In this study we found a 79 per cent prevalence of MS in OSA patients compared with 48 per cent in the control group. These values are higher than those seen in previous studies [12],[13] . This is probably due to the fact that these were community-based studies and participants had a lower BMI compared to the present study. Our study being hospital-based is expected to have a higher prevalence of MS due to a referral bias. Compared to the only previous hospital-based study reporting prevalence of MS in OSA [10] the present study has lower values, probably due to ethnic differences in the patient populations and a much higher BMI of participants in the study by Coughlin et al[10] . Diastolic blood pressure, fasting plasma insulin, HOMA-IR, waist circumference and WHR were also higher in patients with OSA, with a trend towards higher systolic blood pressure, fasting blood glucose, triglycerides and LDL cholesterol. Body composition analysis showed higher fat mass, per cent body fat and skin fold thicknesses in patients of OSA. These findings are in concordance with previous studies showing OSA to be associated with higher BP [30] , insulin resistance [8] and deranged lipid profile and body composition [31] . While all studies are in agreement with the higher prevalence of MS in OSA, the data on association of individual components of MS are conflicting [8],[9],[10],[16],[17] due to differences in ethnicities, source of recruitment of the study population and power of the studies.

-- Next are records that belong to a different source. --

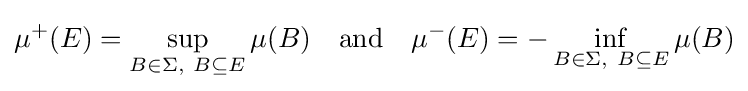
{\mu ^{+}}(E)=\sup _{B\in \Sigma ,~B\subseteq E}\mu (B)\quad {\text{and}}\quad {\mu ^{-}}(E)=-\inf _{B\in \Sigma ,~B\subseteq E}\mu (B)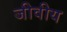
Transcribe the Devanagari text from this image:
जीवीय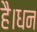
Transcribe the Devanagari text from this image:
है।धन

The increasing prevalence of MS with increasing severity of OSA suggests an association of OSA with MS. However, a causative role cannot be inferred from these data alone, since obesity is a significant confounder in studies involving OSA and MS, as it is a major risk factor for both conditions; 40-90 per cent obese individuals have OSA and about 70 per cent of OSA patients have obesity [32],[33],[34] . Only a longitudinal study would be able to definitely prove whether OSA precedes and causes MS or vice versa, and whether obesity is the predisposing factor for both these conditions.

The clinical implications are that there is a high prevalence of MS in patients presenting to sleep clinics with symptoms suggestive of OSA, irrespective of whether they have OSA or not. The prevalence of MS is even higher if they actually have OSA. MS as a whole and its components individually are very likely to be present in patients with OSA and this risk increases with the severity of metabolic syndrome. Screening for MS components along with the work up of OSA will allow early detection of these cases. This relationship of MS with OSA can also explain the mechanism for increased mortality in patients with OSA.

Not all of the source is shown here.